Tuesday, September 02, 2008

Kindred by Octavia Butler

I spent the weekend embroiled in Kindred. This spectacular book by the late Octavia Butler was first published in 1977. It tells the story of Dana, an African-American woman married to a white man, Kevin, in 1976 who is transported back across space and time to first 1815 in rural Maryland. She is called by her ancestor, Rufus, a white man whose father is a slaveowner and lives on the family plantation. Each time Rufus needs help, literally assistance to keep his life, he “calls” to Dana and rips her from her world in 1976 to his world. This happens over only a brief period of time in her life, but the entire course of Rufus’ life from his childhood until his death. At one point, Dana’s husband, Kevin, comes with her back into the early part of the 19th century. She returns to 1976, but without him, leaving him for what is five years in early 19th century time, though only a few days in 1976 time. By the conclusion of the book, Dana returns to Rufus and the plantation and ensures that her ancestors, a child by Rufus and a slave, Alice, is born. I won’t give away the conclusion, but it is incredibly powerful.

There are a few things that struck me about this book. First, the pure imaginativeness of the book in terms of how Butler weaves the narrative to imagine life during slavery and make connections between the world today (or in 1976) and the antebellum south. It is really stunning to witness her imagination at work in the book. Second, I was very interested in how interracial relationships work in the book. The “relationship” between Rufus, the white male slave owner, and Alice, one of the slaves on the plantation is counterpointed with Dana and Kevin’s relationship which allows an examination of the different ways cross-racial relationships are produced and sustained by the historical moment. (I will write about this more in thinking about Cheryl Dunye’s The Watermelon Woman, which also uses interracial relationships to stand in for a variety of reflections, observations, and indictments.) The third thing that struck me about the book is related to the second and that is the nature of relationships in the book more broadly. History (and I am simultaneously reading Evelyn Nakano Glenn’s book Unequal Freedom) flattens out human lives with facts and statistics as a way to construct its narratives. Butler brings to life those relationships and explores them in incredibly compelling and disturbing ways. There is intellectual power in the history. I have spent a good part of the weekend frightened about Barack Obama’s chances at the Presidency in light of the United States history of racism, especially the plotting of its continued resurgency. In fiction, however, there is emotional power. Butler looks at these emotions directly, exploring both the hatred and pain between and among black people and white people in the antebellum south and also the moments of kindness, caring, and affection, even if they are not mutual affection. This, to me, is Kindred’s real achievement. It brings an imagined human understanding to a historical moment and an economic and social system that are in many ways incomprehensible.

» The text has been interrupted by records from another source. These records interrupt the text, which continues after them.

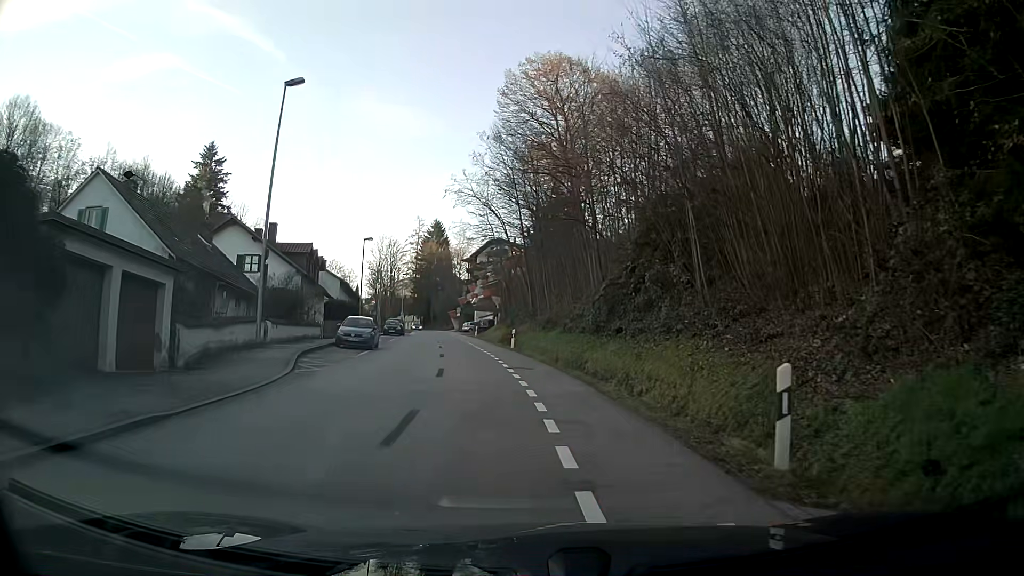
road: tertiary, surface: asphalt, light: Day
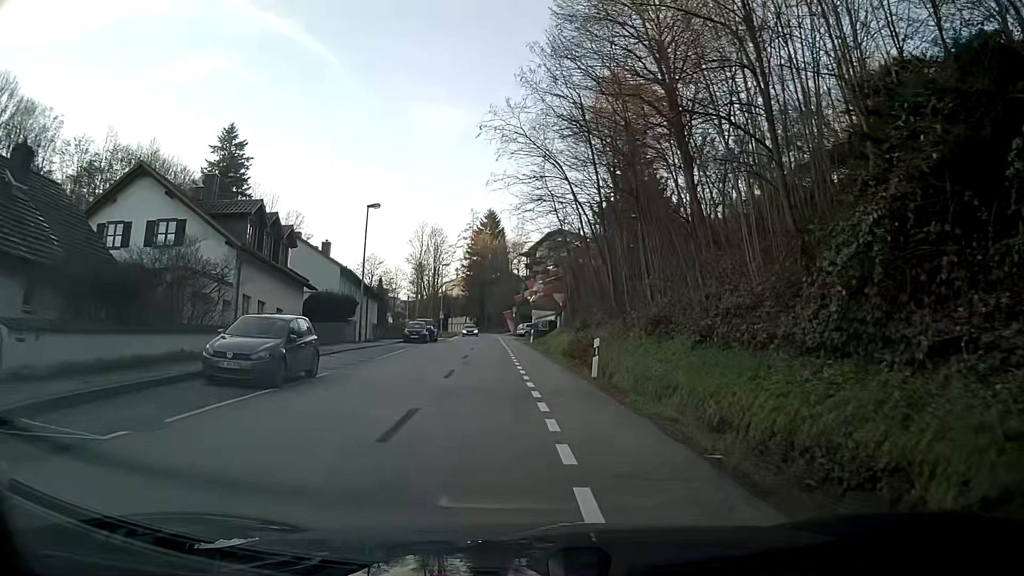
(-0.8, +17.9) m; -5°
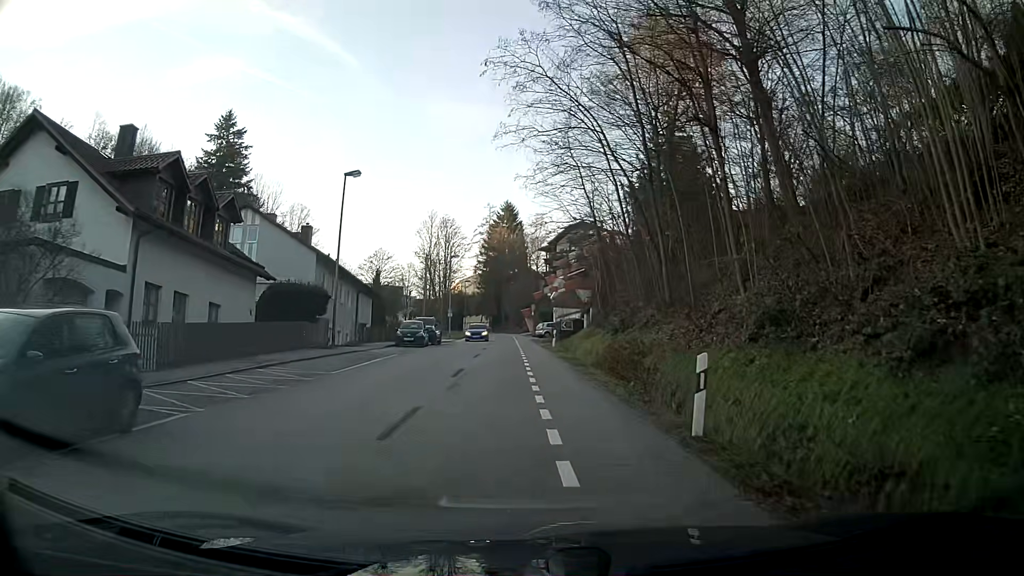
(-0.1, +8.9) m; -1°
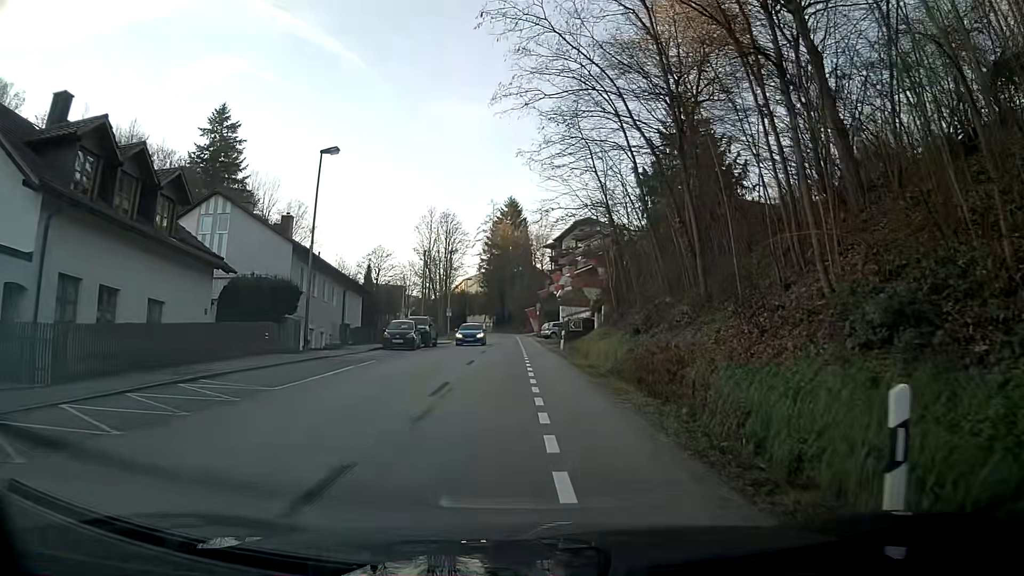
(0.0, +4.5) m; 0°
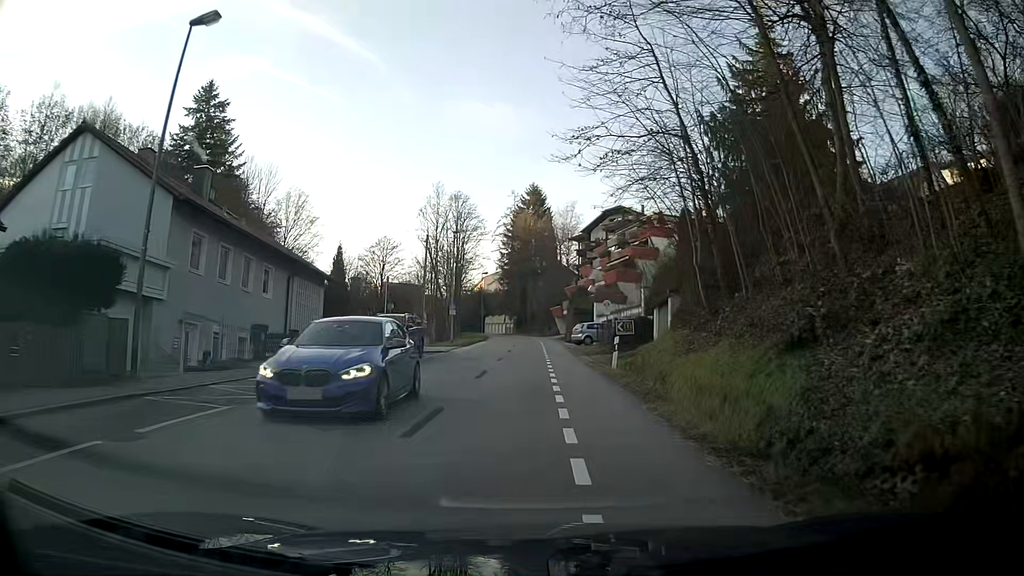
(-0.2, +13.5) m; -2°
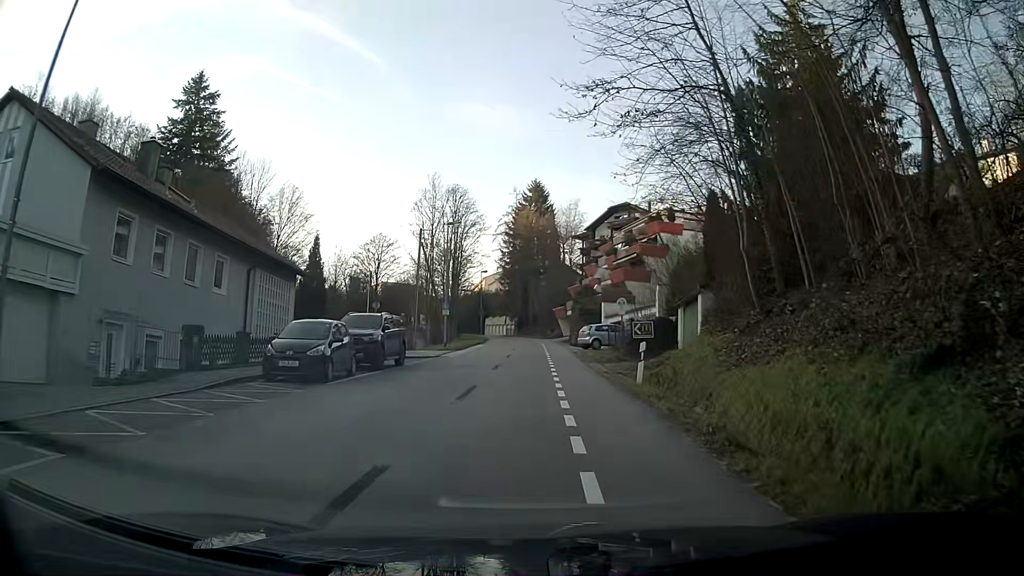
(0.0, +4.5) m; +1°
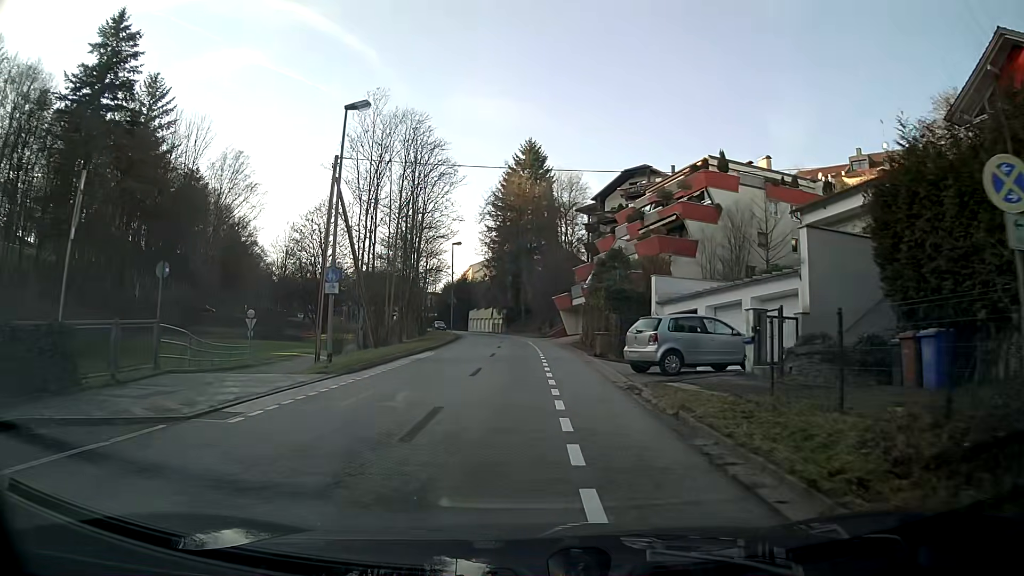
(-0.1, +22.8) m; -1°
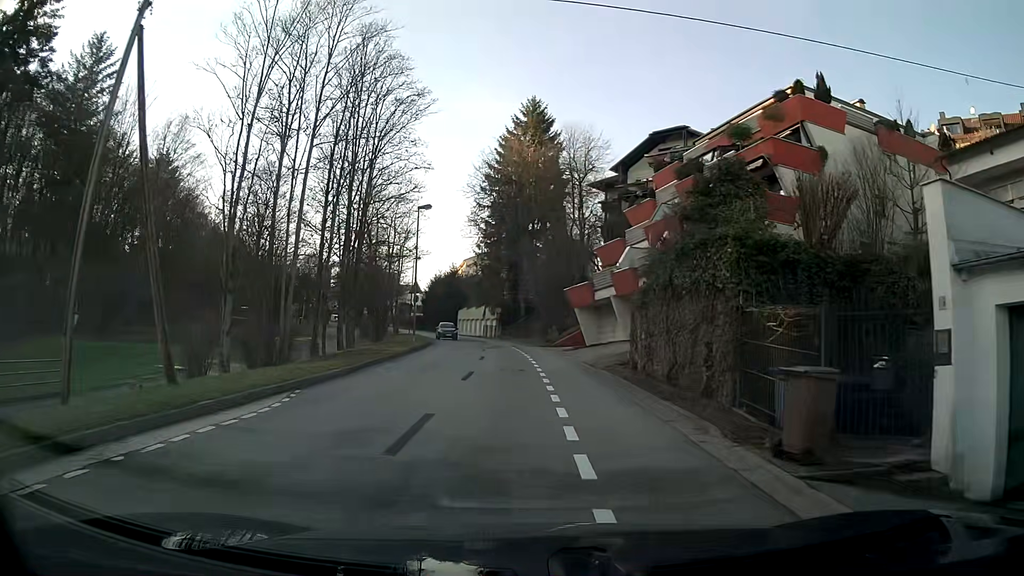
(0.0, +18.7) m; 0°

I wonder though at what point the introduction of the fictive artifact, in this case Butler’s fictive artifact about slavery, becomes most meaningful. For instance, if there were not thorough accounts of history from the perspective of the slaves, not just from the perspective of white people, would the book serve the same function? Does fiction, that is in this case historical science fiction, have to have the support of history and perhaps sociology and political science behind it? I think about Joanna Russ’ The Female Man (which I’ve not read in twenty years) as well. Would that book have the same power without the feminist movement? Without feminist history? Or do we need fictive artifacts to act first, to imagine themselves from a time when there is nothing to empower historians to do their work? What are the interdisciplinary relationships here?

These are compelling questions for me and my own work. I want both to create those creative artifacts, but also to ensure that there is a thorough and rigorous history about where we have been. I feel peevish at the moment because I can’t find good ways of thinking about how lesbians thought about themselves in the 1910s and 1920s and even 1930s. There were lesbians. How did they understand their lesbianism? Imagining it creatively seems unsatisfying to me, but perhaps that is what I should be doing. Though, intellectually, what I think I should be doing is figuring out the archive where it exists and researching it there. Tumultuous times, certainly. And it is only the first day of classes.